In the listing below, print exactly the lines between the line holding "ཕྱིན། །ལུང་མཐུན་བཅུད་ལྡན་བླ་མ་ལ། །དབང་བསྐུར་་ཞུས་ཏེ་བཏུད་པར་བྱ།" and the line holding "བ། །རེ་དོགས་མ་བྱེད་སྐུ་གསུམ་ཡིན། །དེ་ལྟར་ལྷག་མཐོང་ངོ་སྤྲོད་ནས།", inclusive, and no more.

(Beginning of EXTRACTED ENTRIES)

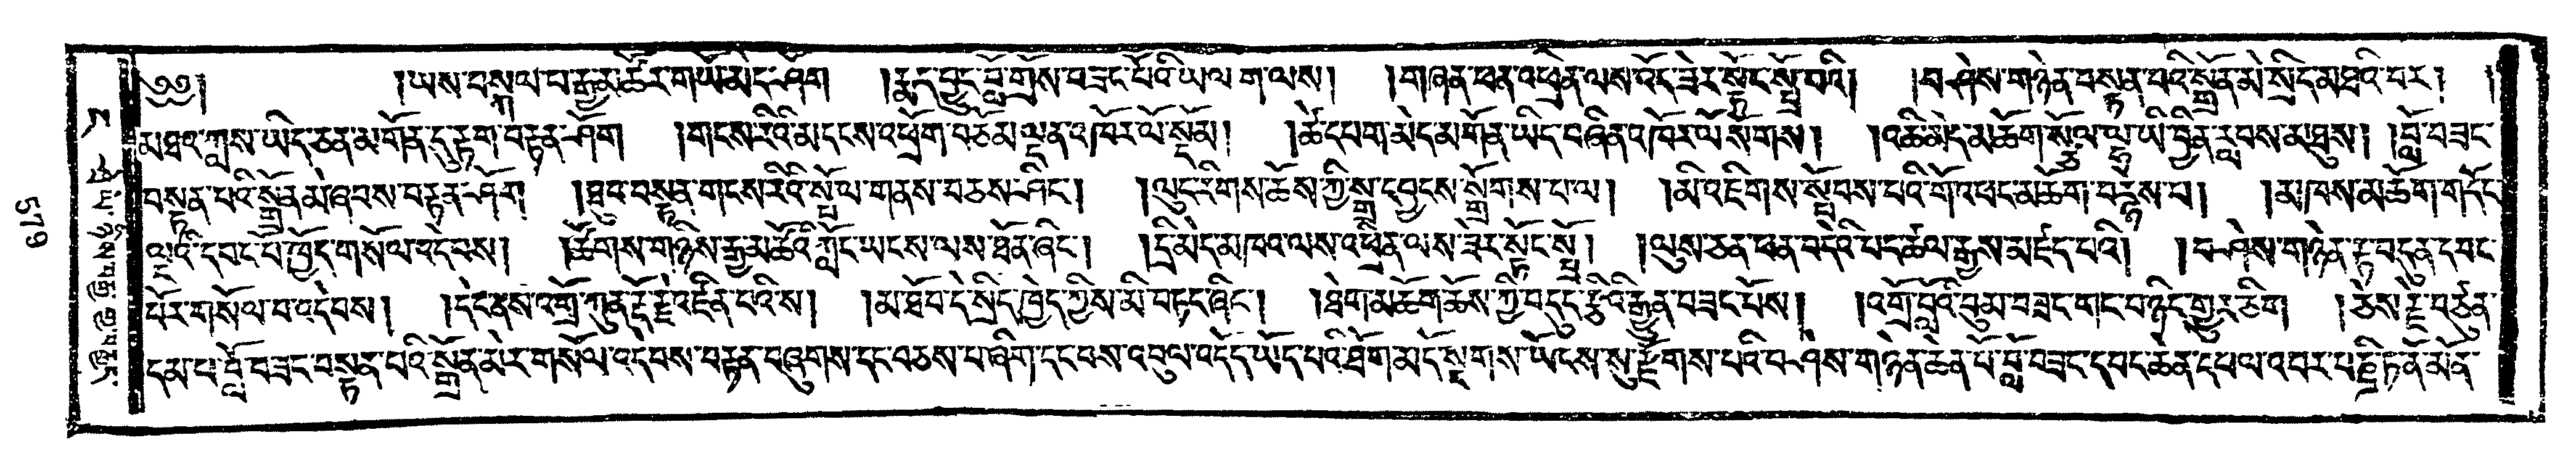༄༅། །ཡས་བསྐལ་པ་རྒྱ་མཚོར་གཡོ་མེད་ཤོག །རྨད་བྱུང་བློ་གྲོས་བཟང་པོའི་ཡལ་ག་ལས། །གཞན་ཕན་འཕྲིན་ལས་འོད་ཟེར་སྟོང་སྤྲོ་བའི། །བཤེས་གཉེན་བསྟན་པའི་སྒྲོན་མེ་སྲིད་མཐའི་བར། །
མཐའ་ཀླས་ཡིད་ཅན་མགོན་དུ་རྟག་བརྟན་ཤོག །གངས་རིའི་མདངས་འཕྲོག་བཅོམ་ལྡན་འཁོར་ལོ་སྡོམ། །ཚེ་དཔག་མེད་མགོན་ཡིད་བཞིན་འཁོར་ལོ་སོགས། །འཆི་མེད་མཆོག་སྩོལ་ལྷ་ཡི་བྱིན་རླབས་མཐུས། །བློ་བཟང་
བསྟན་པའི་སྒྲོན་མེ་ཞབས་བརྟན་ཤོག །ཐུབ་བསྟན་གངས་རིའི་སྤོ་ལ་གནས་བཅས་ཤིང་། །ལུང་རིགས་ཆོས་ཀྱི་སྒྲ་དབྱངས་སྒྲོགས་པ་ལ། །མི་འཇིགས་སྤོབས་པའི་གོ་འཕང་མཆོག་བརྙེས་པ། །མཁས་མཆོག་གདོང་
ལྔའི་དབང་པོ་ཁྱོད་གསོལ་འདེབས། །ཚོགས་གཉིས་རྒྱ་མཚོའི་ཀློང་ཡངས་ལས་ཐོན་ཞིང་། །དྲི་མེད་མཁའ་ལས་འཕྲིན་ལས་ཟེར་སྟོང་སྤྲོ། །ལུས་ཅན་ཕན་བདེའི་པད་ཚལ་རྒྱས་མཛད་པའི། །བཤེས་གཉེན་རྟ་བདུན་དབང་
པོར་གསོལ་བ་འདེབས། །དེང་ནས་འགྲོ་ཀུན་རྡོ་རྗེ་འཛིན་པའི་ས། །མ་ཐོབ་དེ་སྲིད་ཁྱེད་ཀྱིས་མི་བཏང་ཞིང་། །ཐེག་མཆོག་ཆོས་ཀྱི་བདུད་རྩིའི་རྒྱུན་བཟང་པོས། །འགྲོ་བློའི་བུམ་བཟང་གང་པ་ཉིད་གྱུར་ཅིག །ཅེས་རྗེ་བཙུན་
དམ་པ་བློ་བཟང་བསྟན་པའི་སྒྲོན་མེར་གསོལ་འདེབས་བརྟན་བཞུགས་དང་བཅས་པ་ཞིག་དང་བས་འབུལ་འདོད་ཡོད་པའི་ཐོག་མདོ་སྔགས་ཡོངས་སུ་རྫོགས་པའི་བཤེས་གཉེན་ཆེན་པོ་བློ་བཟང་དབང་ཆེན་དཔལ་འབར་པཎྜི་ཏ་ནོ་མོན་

(End of EXTRACTED ENTRIES)
(Beginning of EXTRACTED ENTRIES)

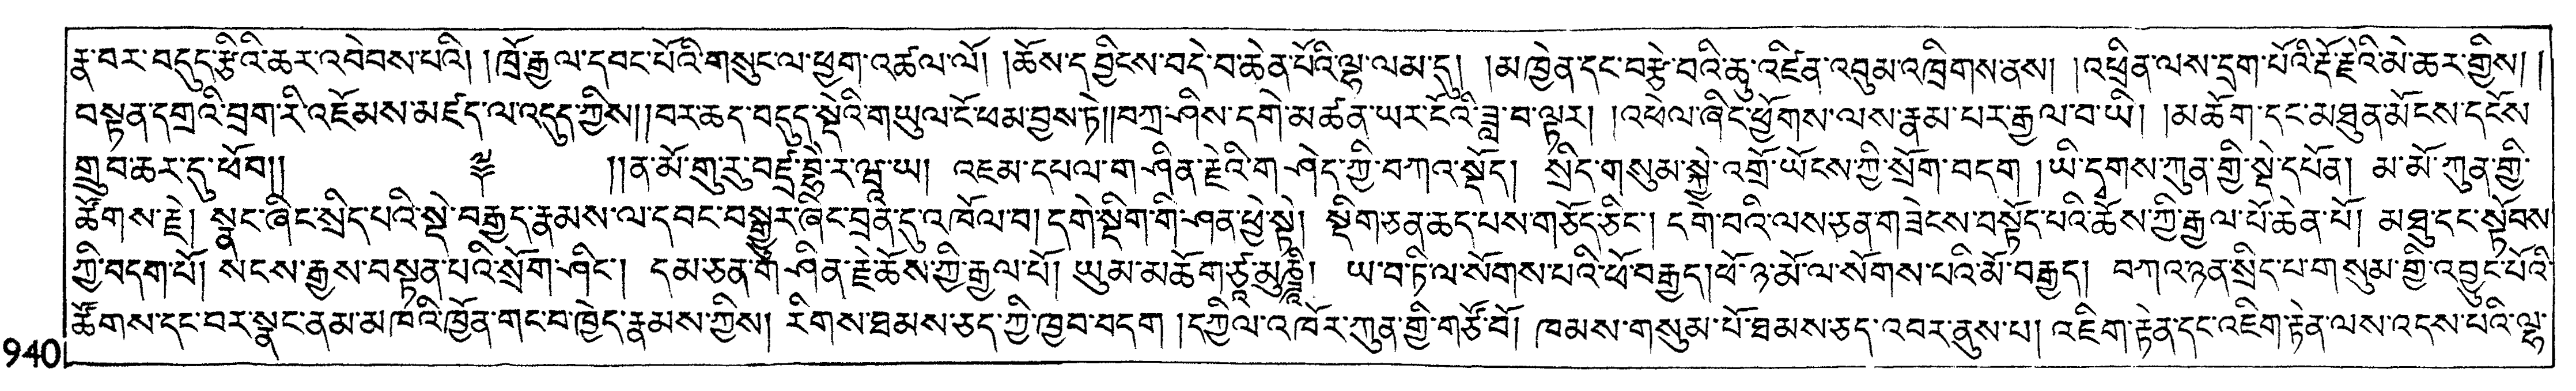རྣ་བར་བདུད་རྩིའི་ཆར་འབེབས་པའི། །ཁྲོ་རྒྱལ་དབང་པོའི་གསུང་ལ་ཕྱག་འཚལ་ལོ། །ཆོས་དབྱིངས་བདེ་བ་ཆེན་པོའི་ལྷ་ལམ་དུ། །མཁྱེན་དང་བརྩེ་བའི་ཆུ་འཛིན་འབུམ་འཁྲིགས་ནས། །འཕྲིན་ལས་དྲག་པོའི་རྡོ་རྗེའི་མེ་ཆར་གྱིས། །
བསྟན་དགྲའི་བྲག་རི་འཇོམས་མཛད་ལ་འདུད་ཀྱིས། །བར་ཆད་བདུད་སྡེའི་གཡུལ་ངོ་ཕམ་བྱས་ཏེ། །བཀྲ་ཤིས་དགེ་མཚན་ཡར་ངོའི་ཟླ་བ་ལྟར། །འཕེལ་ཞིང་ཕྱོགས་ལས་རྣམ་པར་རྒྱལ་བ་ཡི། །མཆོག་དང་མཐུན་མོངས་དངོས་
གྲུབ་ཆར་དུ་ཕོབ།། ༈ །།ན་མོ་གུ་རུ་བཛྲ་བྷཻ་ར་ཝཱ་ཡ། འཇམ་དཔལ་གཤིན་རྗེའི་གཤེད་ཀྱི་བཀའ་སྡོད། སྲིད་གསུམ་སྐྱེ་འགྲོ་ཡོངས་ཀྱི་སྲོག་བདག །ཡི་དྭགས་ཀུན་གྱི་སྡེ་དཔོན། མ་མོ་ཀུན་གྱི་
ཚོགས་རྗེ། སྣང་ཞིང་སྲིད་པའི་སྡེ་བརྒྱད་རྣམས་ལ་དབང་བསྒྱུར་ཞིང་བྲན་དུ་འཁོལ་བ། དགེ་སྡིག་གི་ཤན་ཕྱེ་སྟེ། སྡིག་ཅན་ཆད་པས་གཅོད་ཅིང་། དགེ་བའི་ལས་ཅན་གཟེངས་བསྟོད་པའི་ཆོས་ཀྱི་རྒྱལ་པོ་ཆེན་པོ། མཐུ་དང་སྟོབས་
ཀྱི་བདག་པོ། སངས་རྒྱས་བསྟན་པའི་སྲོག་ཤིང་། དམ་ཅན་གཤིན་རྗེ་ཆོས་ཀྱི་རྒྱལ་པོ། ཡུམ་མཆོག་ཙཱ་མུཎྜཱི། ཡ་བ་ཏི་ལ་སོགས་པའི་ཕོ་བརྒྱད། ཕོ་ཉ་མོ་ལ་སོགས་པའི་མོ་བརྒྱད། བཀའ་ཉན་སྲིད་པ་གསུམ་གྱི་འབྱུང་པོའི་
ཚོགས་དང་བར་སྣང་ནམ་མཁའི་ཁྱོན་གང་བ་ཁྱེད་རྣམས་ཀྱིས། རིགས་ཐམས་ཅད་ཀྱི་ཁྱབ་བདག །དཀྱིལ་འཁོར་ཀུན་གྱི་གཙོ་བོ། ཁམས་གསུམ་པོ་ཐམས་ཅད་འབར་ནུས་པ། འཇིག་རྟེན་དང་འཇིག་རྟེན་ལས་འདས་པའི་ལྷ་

(End of EXTRACTED ENTRIES)
(Beginning of EXTRACTED ENTRIES)

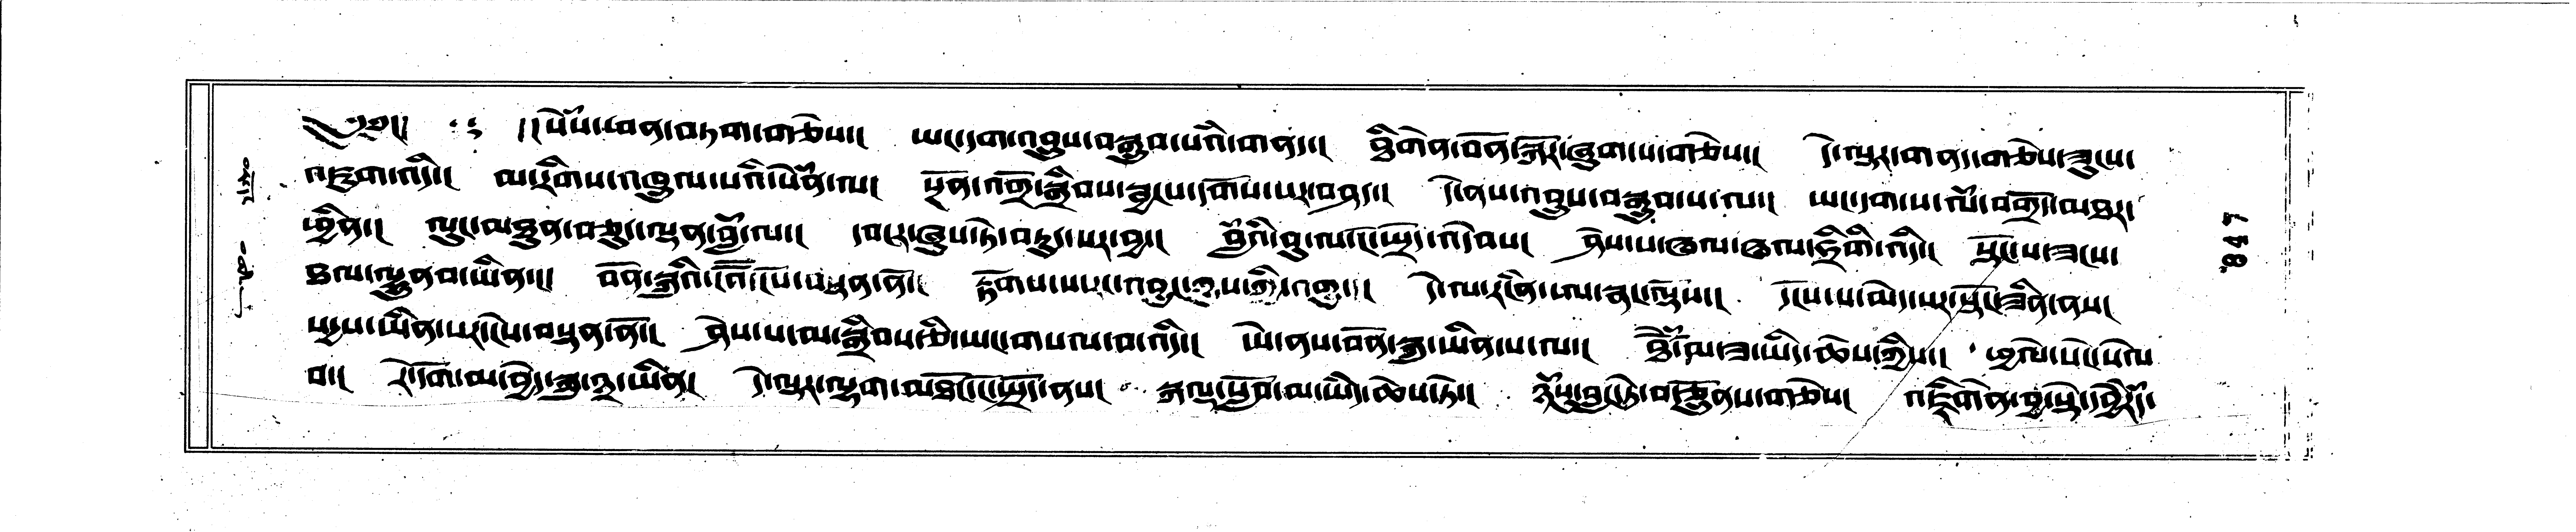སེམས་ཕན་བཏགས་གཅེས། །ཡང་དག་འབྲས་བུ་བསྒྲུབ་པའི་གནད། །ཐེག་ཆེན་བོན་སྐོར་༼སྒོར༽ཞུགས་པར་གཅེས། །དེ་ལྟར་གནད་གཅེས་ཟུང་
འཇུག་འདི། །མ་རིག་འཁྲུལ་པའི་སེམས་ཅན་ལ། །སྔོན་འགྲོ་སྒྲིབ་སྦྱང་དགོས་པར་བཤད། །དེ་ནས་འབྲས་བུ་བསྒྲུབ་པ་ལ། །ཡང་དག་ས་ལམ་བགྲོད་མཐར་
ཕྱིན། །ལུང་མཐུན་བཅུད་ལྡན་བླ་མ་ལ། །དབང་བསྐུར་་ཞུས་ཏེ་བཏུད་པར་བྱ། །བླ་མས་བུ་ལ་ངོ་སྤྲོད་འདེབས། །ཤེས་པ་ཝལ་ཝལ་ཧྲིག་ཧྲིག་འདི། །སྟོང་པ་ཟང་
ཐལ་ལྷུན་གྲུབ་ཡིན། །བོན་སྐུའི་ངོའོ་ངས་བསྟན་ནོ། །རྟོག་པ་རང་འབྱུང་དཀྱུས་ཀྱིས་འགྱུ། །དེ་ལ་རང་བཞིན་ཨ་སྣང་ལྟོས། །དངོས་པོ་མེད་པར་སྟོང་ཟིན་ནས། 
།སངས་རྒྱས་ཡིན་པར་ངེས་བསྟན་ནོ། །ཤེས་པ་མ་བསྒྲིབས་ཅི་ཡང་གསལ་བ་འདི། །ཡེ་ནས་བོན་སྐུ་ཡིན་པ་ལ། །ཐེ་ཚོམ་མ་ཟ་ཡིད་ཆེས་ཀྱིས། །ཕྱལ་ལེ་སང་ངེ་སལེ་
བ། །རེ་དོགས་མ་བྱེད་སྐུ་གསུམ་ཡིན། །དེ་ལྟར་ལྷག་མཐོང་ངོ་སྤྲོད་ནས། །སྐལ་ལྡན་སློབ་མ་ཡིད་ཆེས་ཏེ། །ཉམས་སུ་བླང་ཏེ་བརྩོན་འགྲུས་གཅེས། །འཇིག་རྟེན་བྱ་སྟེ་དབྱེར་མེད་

(End of EXTRACTED ENTRIES)

— WORKED SOLUTION —
ཕྱིན། །ལུང་མཐུན་བཅུད་ལྡན་བླ་མ་ལ། །དབང་བསྐུར་་ཞུས་ཏེ་བཏུད་པར་བྱ། །བླ་མས་བུ་ལ་ངོ་སྤྲོད་འདེབས། །ཤེས་པ་ཝལ་ཝལ་ཧྲིག་ཧྲིག་འདི། །སྟོང་པ་ཟང་
ཐལ་ལྷུན་གྲུབ་ཡིན། །བོན་སྐུའི་ངོའོ་ངས་བསྟན་ནོ། །རྟོག་པ་རང་འབྱུང་དཀྱུས་ཀྱིས་འགྱུ། །དེ་ལ་རང་བཞིན་ཨ་སྣང་ལྟོས། །དངོས་པོ་མེད་པར་སྟོང་ཟིན་ནས། 
།སངས་རྒྱས་ཡིན་པར་ངེས་བསྟན་ནོ། །ཤེས་པ་མ་བསྒྲིབས་ཅི་ཡང་གསལ་བ་འདི། །ཡེ་ནས་བོན་སྐུ་ཡིན་པ་ལ། །ཐེ་ཚོམ་མ་ཟ་ཡིད་ཆེས་ཀྱིས། །ཕྱལ་ལེ་སང་ངེ་སལེ་
བ། །རེ་དོགས་མ་བྱེད་སྐུ་གསུམ་ཡིན། །དེ་ལྟར་ལྷག་མཐོང་ངོ་སྤྲོད་ནས། །སྐལ་ལྡན་སློབ་མ་ཡིད་ཆེས་ཏེ། །ཉམས་སུ་བླང་ཏེ་བརྩོན་འགྲུས་གཅེས། །འཇིག་རྟེན་བྱ་སྟེ་དབྱེར་མེད་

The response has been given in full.